Whilst some of the prose was bright and engaging, other elements were rather more prosaic. I’ll be honest, when Bruce was writing about the creation of various albums, I got a bit bored. I didn’t really care which recording studio was used in which part of the world. Even some of the Maiden tour content was rather bland and a bit too staccato.   

Perhaps frustratingly for me, my lasting impressions will be about the stuff that only got touched upon, or the material that was missed out altogether.

To illustrate the former, lots and lots of references in the book to the movie “Chemical Wedding” but there was nothing about the critical success of the film and how Bruce felt about it. Most of what I have read elsewhere would indicate that it got panned, so maybe that is why.

He writes about the Balkan conflict forever changing his view on the value of human life – but never expands on it. There’s a poignant picture taken in Sarajevo of a dead child but it’s not referenced in the copy, maybe it was related to Bruce’s observation but you don’t know for sure.

Late in the tome, Bruce almost gets to grips with his difficult relationship with his dad.

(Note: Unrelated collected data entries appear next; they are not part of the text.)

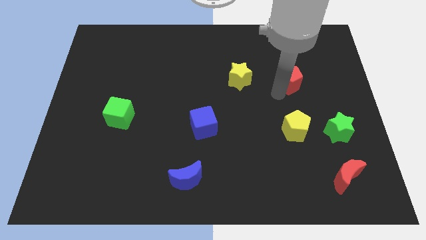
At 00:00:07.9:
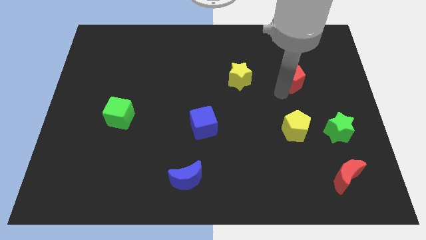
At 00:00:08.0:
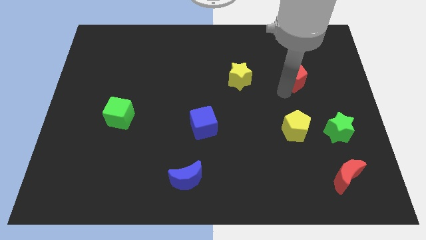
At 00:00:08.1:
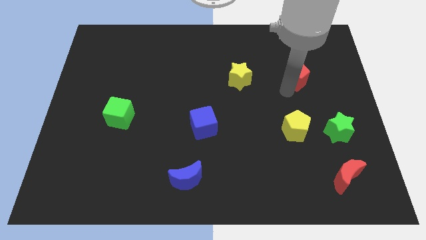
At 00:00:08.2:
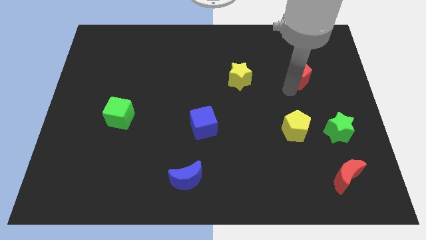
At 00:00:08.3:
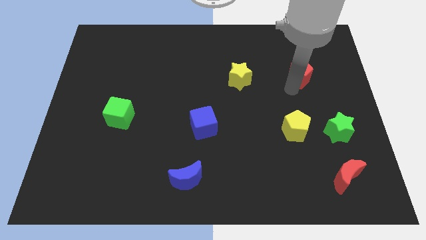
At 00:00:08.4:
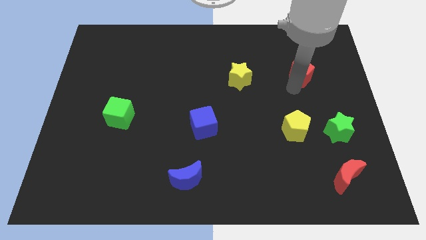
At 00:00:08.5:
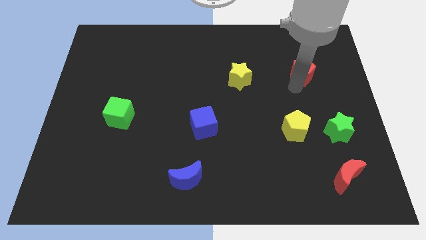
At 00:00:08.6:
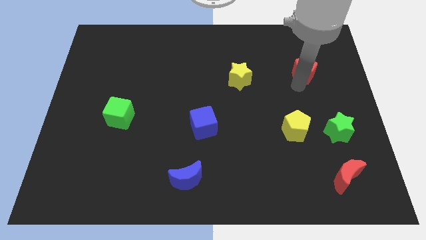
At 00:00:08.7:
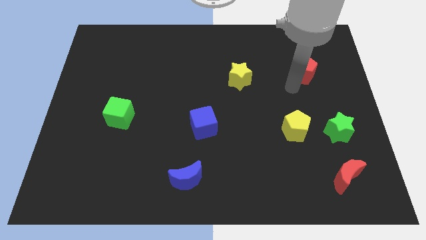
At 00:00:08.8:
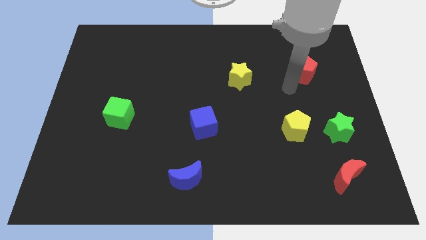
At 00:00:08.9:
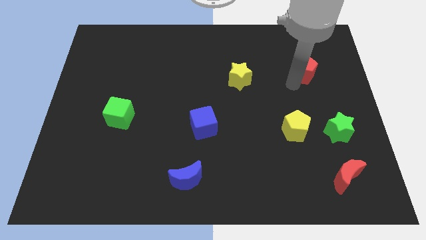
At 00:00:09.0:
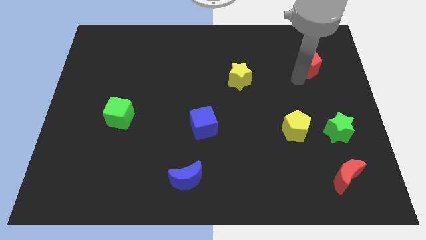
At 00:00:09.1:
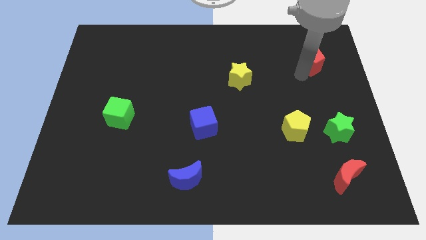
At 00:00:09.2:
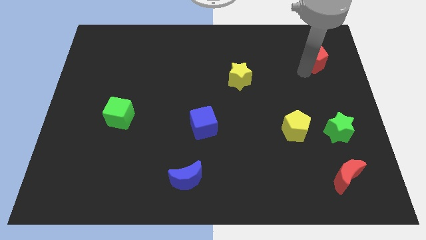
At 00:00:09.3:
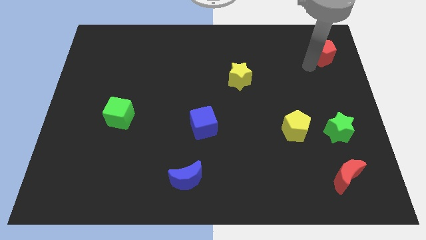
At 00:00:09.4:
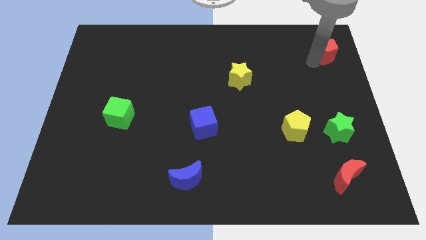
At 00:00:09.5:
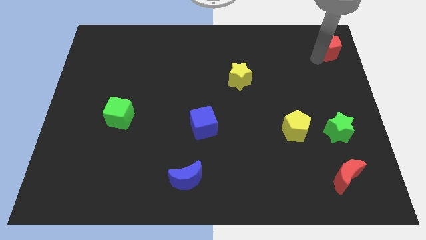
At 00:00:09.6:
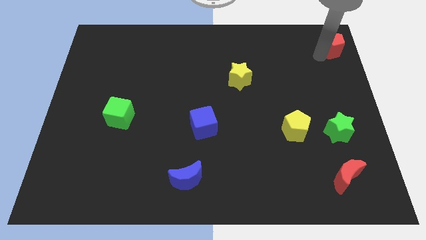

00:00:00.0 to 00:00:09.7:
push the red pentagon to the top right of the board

There was potential for some deeper soul searching (I thought “excellent, this could be fascinating") and then there wasn’t, the topic effectively parked.

With regards to the latter, there was nothing about him piloting “Ed Force One” into Japan as the tsunami and Fukushima disasters unfolded. From a fencing perspective, there was lots of coverage of that topic but … I have read that Bruce was good enough to compete for the UK in the Olympics but couldn’t because of Iron Maiden commitments. Not a mention of this (but then maybe it’s just an urban myth).  

Most glaringly absent was anything about his immediate family. Personally I would have been interested to read about how he managed the demands of his careers with being a parent, how he managed to keep his marriage (the second one primarily) alive whilst being away for so much of the time.  I’d like to have understood more about the qualities of his wife who must a real trooper herself (behind every great man and all that).

As a family man myself, balancing all the responsibilities of being a husband, father, son, brother, grandson, friend, employee, manager etc. is hard enough and I am just a no one who works in an office. How hard must it be for a celebrity polymath?

The absence of family orientated detail was bugging me but it got resolved (sort of) when I completed the book and got to the acknowledgements. Bruce makes the statement that he intentionally left out anything about births, marriages, divorces, deaths etc. That was a genuine shame in my opinion.

Bruce never goes into detail about his regrets (and he must have some), his failings (ditto), his weaknesses or his desires for the future. He, perhaps sensibly, avoids comment about politics, religion, but all those subject areas would have added much more human interest.

Bruce stated that his original work was about 800 pages long (the book is only 384 pages), with half the content side-lined, it’s perhaps no wonder that it felt patchy and incomplete in places. Bruce states that nobody would have bothered to read the thing if it was so long but I suspect the reading would have been more rewarding without so much cutting.   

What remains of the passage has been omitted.